= About this task =
All of the entries below should be printed exactly; the pictures are to be left out.

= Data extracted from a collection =
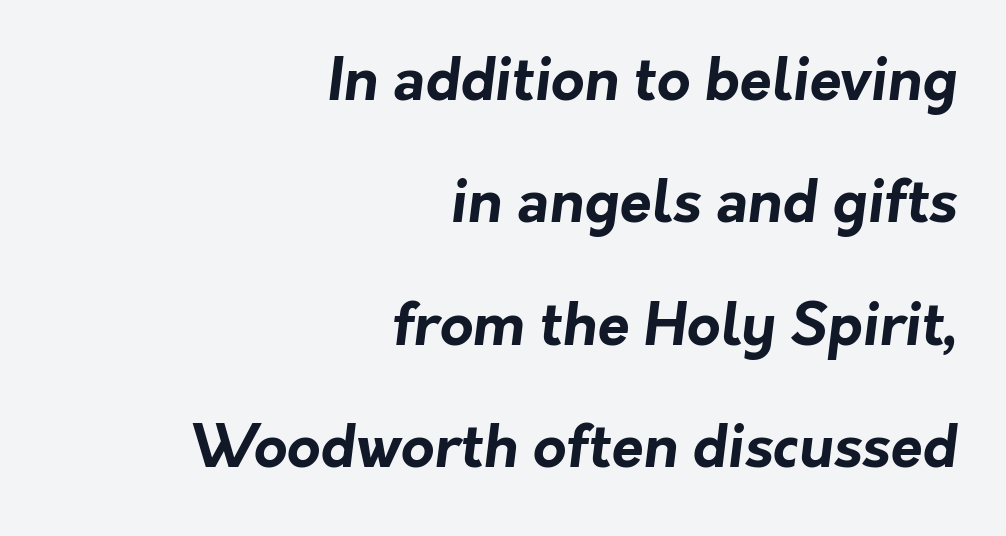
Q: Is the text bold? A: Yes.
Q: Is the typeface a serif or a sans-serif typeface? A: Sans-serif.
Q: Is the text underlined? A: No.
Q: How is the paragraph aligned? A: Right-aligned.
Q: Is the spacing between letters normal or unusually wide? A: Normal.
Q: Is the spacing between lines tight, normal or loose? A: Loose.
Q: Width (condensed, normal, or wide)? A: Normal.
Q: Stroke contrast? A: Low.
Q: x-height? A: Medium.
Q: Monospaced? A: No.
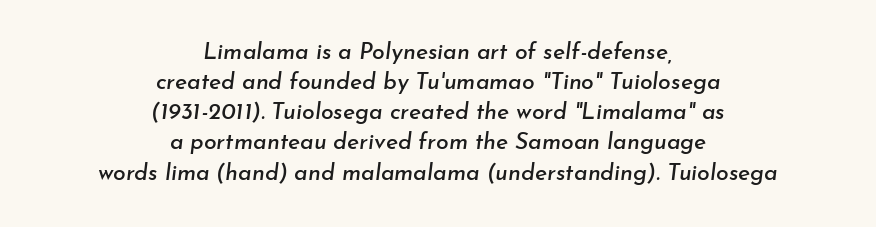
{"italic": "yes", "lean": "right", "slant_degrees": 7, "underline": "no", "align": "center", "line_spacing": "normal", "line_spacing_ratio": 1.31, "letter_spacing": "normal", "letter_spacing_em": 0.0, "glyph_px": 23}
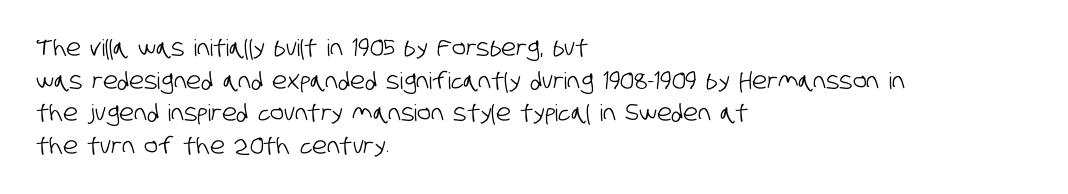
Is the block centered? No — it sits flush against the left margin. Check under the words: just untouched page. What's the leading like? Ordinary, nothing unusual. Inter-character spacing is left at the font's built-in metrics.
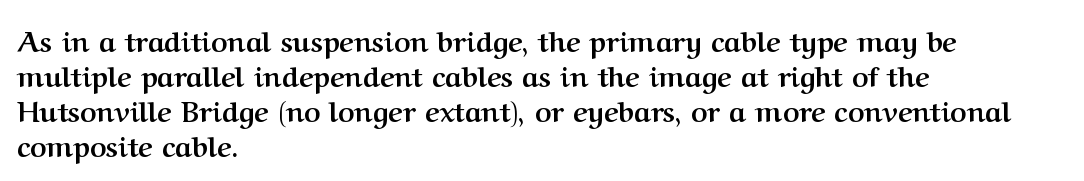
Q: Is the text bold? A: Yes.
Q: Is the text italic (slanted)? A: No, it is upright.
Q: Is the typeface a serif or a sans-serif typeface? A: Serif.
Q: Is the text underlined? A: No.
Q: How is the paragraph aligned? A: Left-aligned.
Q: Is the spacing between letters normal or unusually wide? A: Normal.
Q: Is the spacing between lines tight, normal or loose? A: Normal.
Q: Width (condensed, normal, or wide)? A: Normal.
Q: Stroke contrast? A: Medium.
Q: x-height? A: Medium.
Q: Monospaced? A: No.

= Solution to this task =
Q: Is the text bold? A: Yes.
Q: Is the typeface a serif or a sans-serif typeface? A: Sans-serif.
Q: Is the text underlined? A: No.
Q: How is the paragraph aligned? A: Right-aligned.
Q: Is the spacing between letters normal or unusually wide? A: Normal.
Q: Is the spacing between lines tight, normal or loose? A: Loose.
Q: Width (condensed, normal, or wide)? A: Normal.
Q: Stroke contrast? A: Low.
Q: x-height? A: Medium.
Q: Monospaced? A: No.
{"italic": "yes", "lean": "right", "slant_degrees": 7, "underline": "no", "align": "center", "line_spacing": "normal", "line_spacing_ratio": 1.31, "letter_spacing": "normal", "letter_spacing_em": 0.0, "glyph_px": 23}
Is the block centered? No — it sits flush against the left margin. Check under the words: just untouched page. What's the leading like? Ordinary, nothing unusual. Inter-character spacing is left at the font's built-in metrics.
Q: Is the text bold? A: Yes.
Q: Is the text italic (slanted)? A: No, it is upright.
Q: Is the typeface a serif or a sans-serif typeface? A: Serif.
Q: Is the text underlined? A: No.
Q: How is the paragraph aligned? A: Left-aligned.
Q: Is the spacing between letters normal or unusually wide? A: Normal.
Q: Is the spacing between lines tight, normal or loose? A: Normal.
Q: Width (condensed, normal, or wide)? A: Normal.
Q: Stroke contrast? A: Medium.
Q: x-height? A: Medium.
Q: Monospaced? A: No.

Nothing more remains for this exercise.